• [ABOUT THIS TASK]: Each line from the one that holds "Q: Is the text bold? A: Yes." to the end of the records is to be retyped exactly. Pictures are not part of the copy.

(Data extracted from a collection)
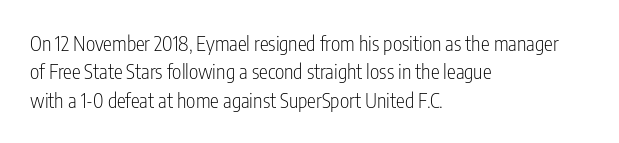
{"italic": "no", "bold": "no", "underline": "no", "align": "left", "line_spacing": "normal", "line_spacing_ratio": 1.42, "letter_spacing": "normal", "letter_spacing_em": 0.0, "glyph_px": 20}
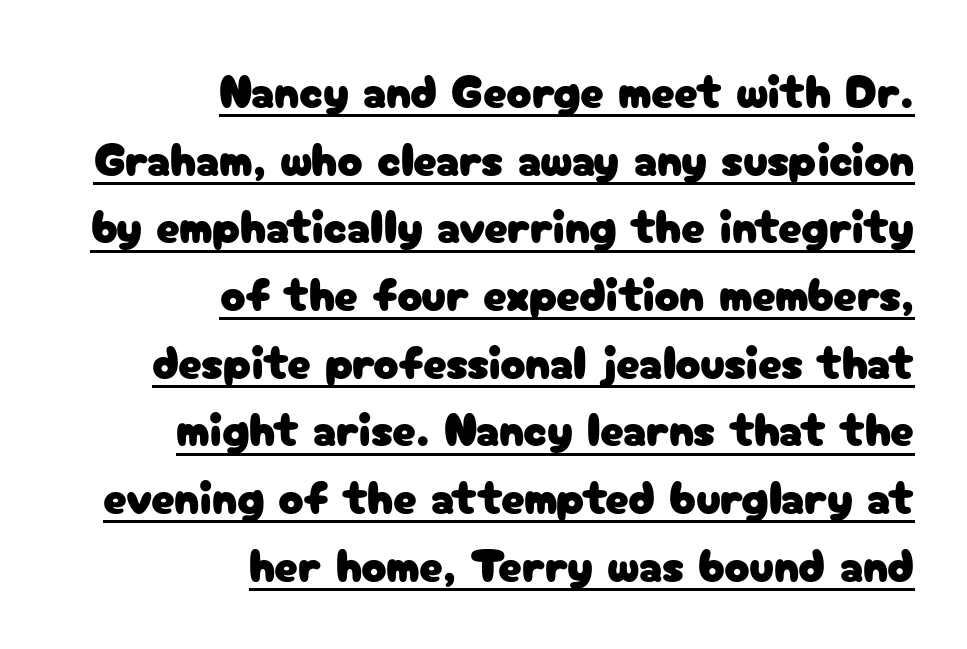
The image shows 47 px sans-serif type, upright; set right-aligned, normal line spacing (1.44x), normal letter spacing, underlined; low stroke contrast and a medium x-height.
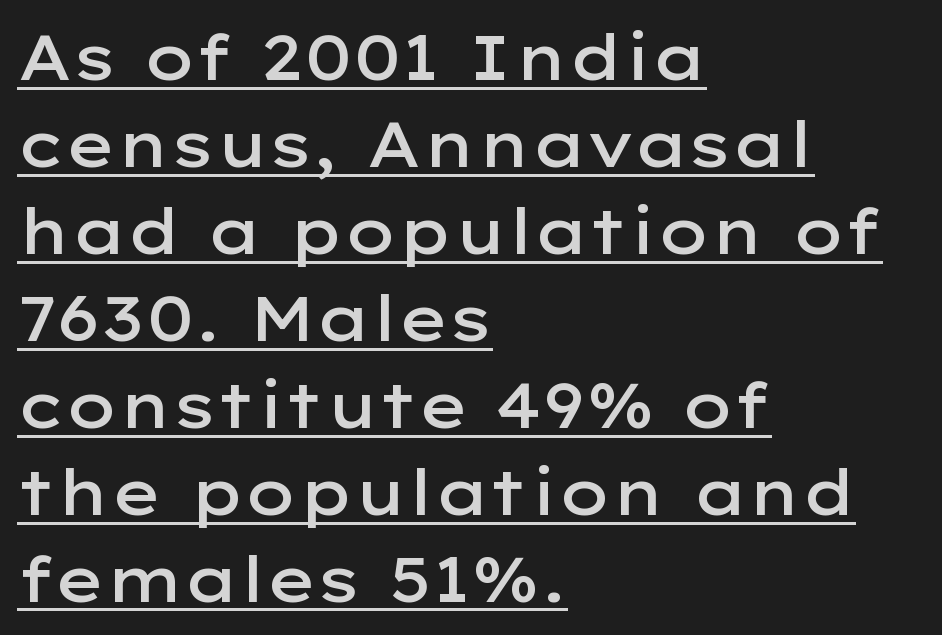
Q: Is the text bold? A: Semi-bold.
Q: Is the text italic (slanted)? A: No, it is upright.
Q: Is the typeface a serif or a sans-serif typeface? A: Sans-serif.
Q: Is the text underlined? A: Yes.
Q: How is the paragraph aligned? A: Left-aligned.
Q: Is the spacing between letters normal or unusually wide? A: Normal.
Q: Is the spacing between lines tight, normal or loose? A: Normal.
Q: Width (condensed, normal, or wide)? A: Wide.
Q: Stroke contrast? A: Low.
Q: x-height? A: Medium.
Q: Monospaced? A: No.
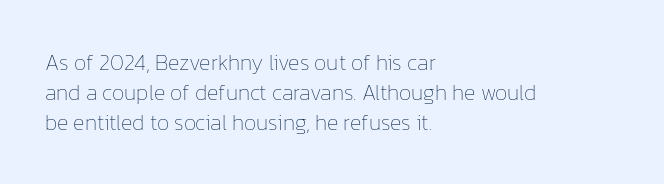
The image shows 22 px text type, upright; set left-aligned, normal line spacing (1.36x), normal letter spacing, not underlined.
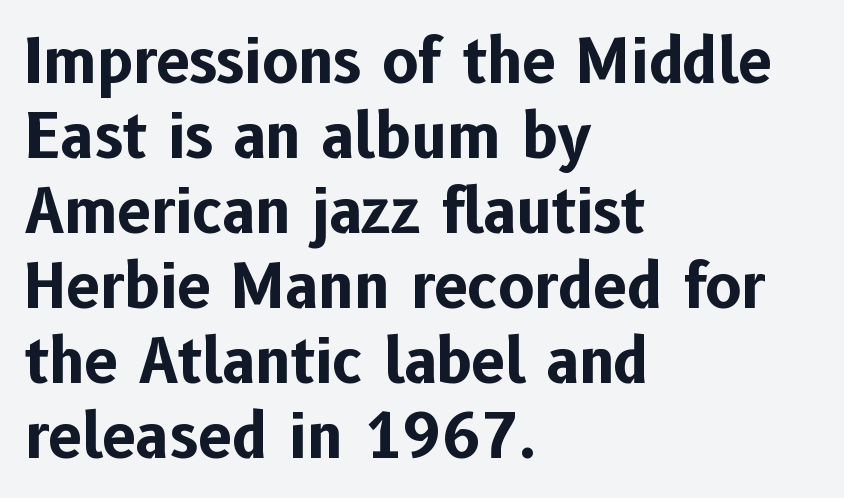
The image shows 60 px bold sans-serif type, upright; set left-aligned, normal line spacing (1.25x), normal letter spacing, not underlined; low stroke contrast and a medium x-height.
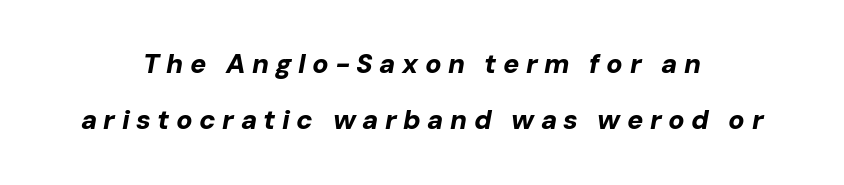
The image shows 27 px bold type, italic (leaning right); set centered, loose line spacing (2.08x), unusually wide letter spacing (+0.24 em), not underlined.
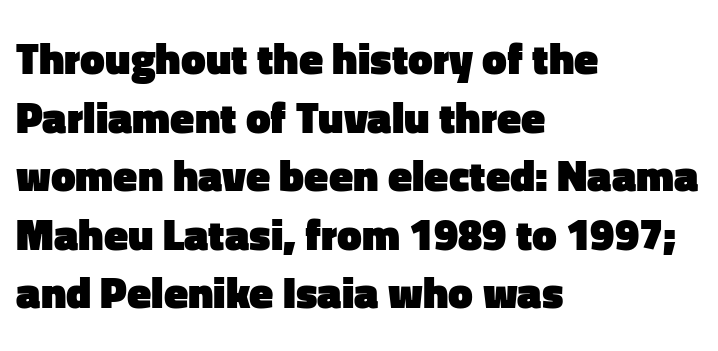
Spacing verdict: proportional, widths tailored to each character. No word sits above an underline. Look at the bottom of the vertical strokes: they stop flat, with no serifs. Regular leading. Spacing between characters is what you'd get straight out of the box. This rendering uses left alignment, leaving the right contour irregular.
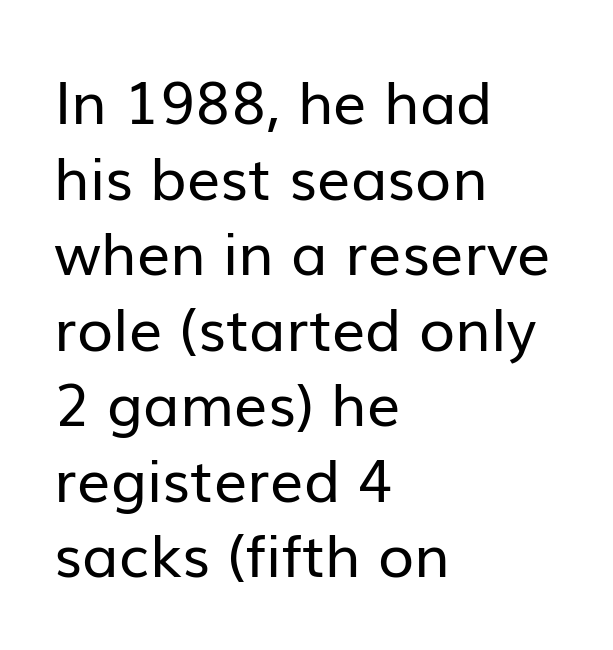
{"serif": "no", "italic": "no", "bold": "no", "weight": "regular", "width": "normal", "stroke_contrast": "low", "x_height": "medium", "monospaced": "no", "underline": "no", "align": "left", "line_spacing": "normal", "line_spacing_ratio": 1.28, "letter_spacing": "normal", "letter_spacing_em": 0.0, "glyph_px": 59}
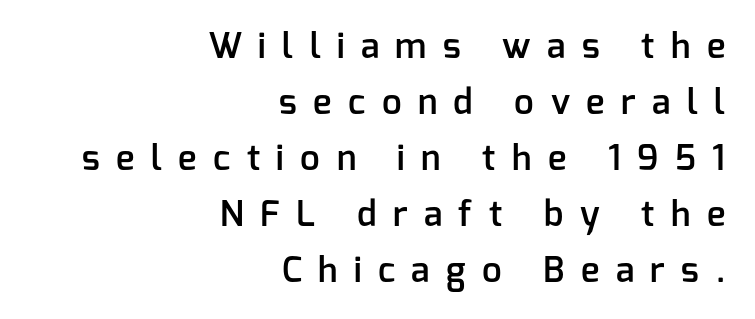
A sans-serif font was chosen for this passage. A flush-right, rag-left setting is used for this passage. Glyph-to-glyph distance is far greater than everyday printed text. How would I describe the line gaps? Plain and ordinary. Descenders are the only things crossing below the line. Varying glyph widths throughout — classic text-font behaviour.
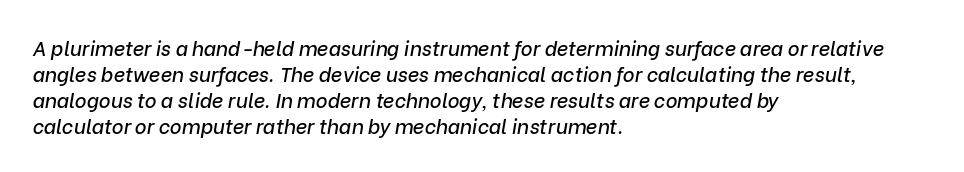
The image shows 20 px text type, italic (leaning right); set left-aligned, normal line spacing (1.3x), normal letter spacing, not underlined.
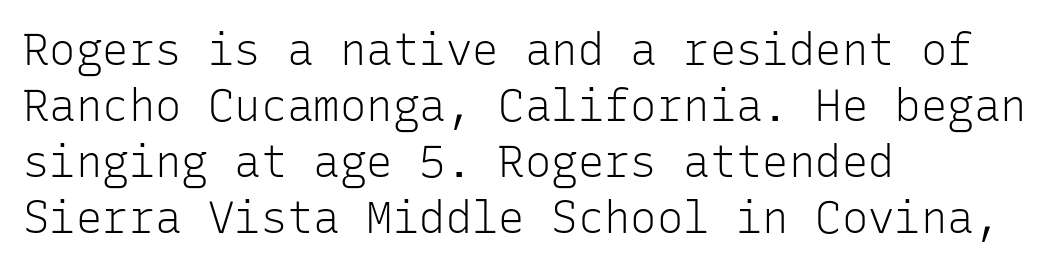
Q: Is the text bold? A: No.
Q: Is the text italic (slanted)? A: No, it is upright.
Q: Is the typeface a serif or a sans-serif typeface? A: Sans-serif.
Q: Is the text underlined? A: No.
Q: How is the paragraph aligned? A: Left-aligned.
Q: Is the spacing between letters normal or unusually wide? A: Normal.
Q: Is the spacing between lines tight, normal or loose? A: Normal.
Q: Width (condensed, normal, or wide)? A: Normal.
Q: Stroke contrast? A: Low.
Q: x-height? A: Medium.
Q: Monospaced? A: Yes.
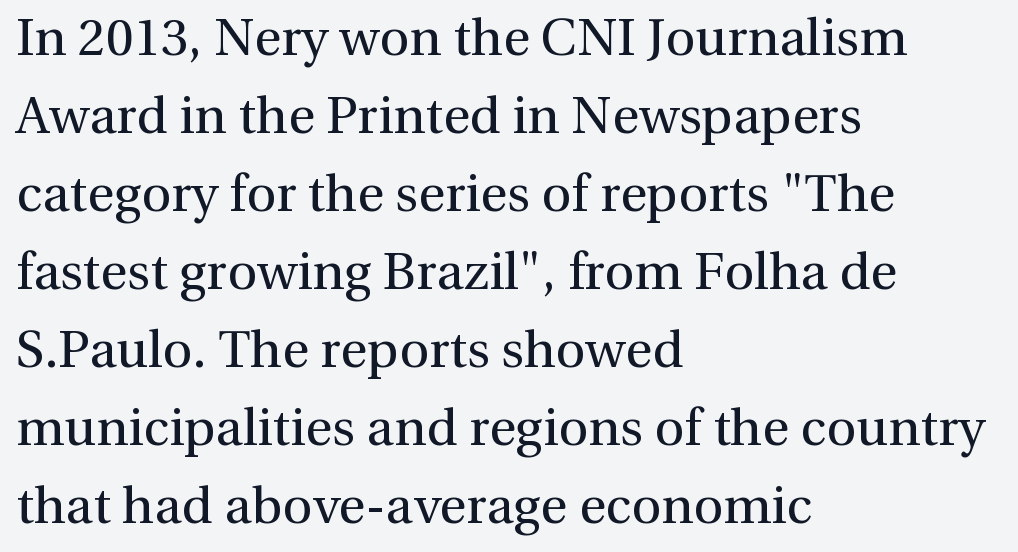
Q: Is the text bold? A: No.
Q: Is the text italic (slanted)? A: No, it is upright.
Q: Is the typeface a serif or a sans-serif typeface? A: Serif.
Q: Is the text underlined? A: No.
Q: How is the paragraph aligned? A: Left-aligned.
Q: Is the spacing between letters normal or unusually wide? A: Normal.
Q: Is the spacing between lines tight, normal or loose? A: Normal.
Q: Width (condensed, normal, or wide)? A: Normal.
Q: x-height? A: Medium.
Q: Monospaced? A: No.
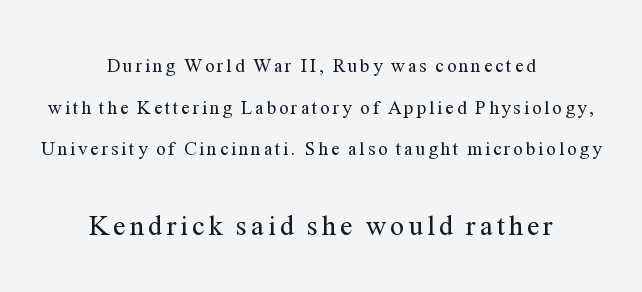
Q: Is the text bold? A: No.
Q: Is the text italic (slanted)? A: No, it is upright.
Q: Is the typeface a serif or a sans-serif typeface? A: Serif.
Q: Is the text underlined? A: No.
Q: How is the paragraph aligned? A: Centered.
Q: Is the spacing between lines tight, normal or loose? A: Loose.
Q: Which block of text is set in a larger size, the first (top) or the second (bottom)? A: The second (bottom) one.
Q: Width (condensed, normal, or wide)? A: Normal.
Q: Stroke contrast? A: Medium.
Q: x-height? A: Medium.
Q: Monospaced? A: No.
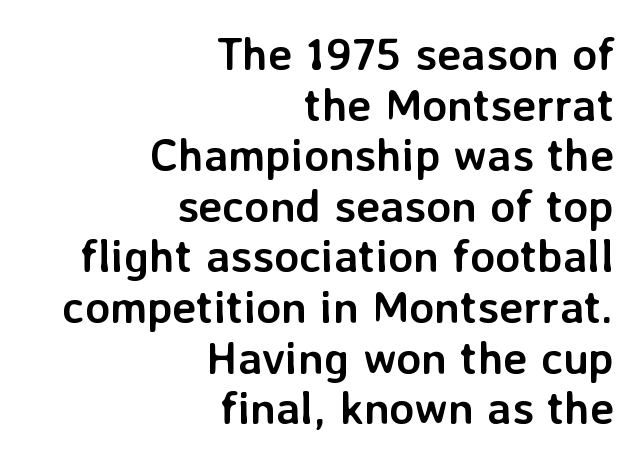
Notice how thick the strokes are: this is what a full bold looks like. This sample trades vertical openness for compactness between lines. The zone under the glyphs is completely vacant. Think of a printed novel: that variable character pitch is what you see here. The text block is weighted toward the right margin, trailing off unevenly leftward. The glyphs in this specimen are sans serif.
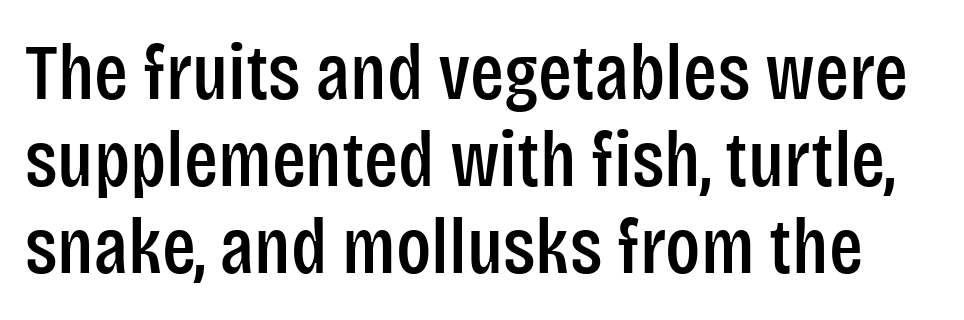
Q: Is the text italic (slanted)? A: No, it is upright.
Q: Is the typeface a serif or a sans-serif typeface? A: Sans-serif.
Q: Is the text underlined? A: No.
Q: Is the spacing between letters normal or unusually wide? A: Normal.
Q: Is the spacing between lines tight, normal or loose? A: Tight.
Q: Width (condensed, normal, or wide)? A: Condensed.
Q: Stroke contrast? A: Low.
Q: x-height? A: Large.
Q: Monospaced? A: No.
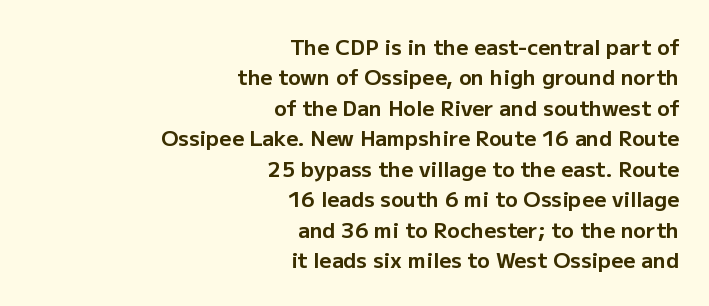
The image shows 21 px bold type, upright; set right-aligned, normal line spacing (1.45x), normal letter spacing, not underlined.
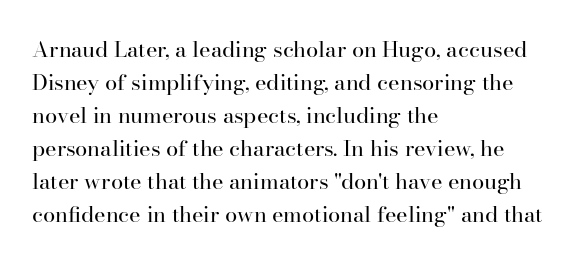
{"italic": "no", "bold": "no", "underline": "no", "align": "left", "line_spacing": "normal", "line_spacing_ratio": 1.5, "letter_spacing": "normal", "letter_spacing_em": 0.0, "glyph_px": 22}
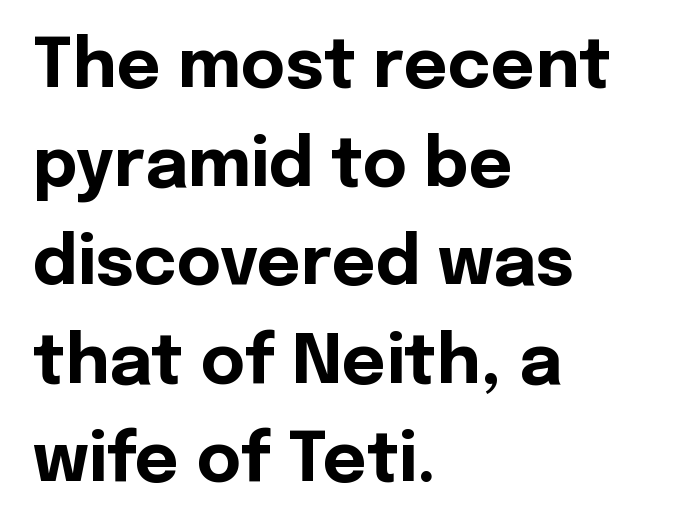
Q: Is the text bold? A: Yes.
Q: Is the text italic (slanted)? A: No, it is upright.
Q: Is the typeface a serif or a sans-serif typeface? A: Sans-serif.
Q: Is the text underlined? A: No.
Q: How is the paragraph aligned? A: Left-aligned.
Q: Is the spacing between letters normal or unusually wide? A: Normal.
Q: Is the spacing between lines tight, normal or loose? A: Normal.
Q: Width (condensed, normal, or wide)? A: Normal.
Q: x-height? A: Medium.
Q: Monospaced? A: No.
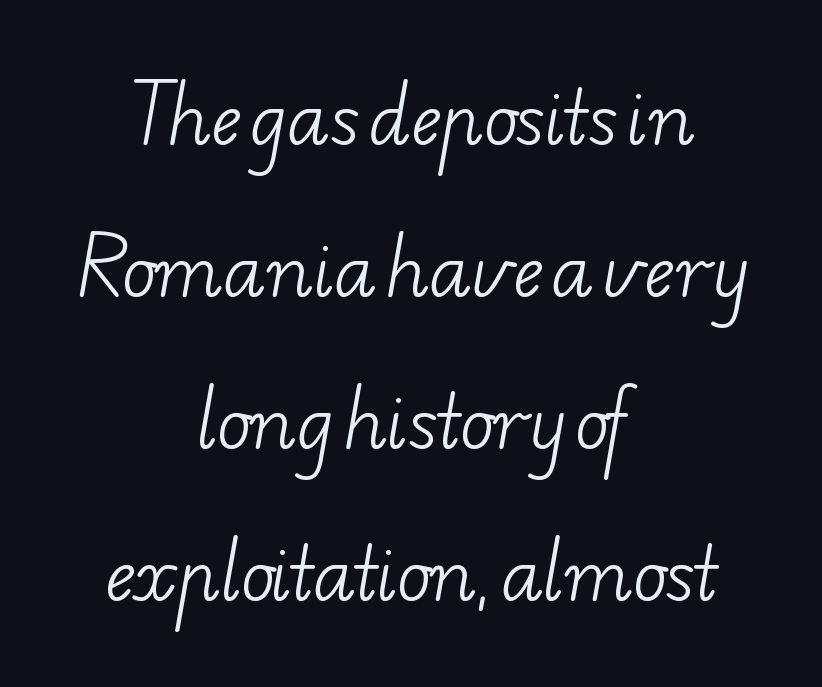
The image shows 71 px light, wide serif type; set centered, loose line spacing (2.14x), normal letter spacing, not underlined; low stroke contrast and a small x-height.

• [TASK OUTPUT]:
Q: Is the text bold? A: Yes.
Q: Is the text italic (slanted)? A: No, it is upright.
Q: Is the typeface a serif or a sans-serif typeface? A: Sans-serif.
Q: Is the text underlined? A: No.
Q: How is the paragraph aligned? A: Left-aligned.
Q: Is the spacing between letters normal or unusually wide? A: Normal.
Q: Is the spacing between lines tight, normal or loose? A: Normal.
Q: Width (condensed, normal, or wide)? A: Normal.
Q: x-height? A: Medium.
Q: Monospaced? A: No.
The image shows 71 px light, wide serif type; set centered, loose line spacing (2.14x), normal letter spacing, not underlined; low stroke contrast and a small x-height.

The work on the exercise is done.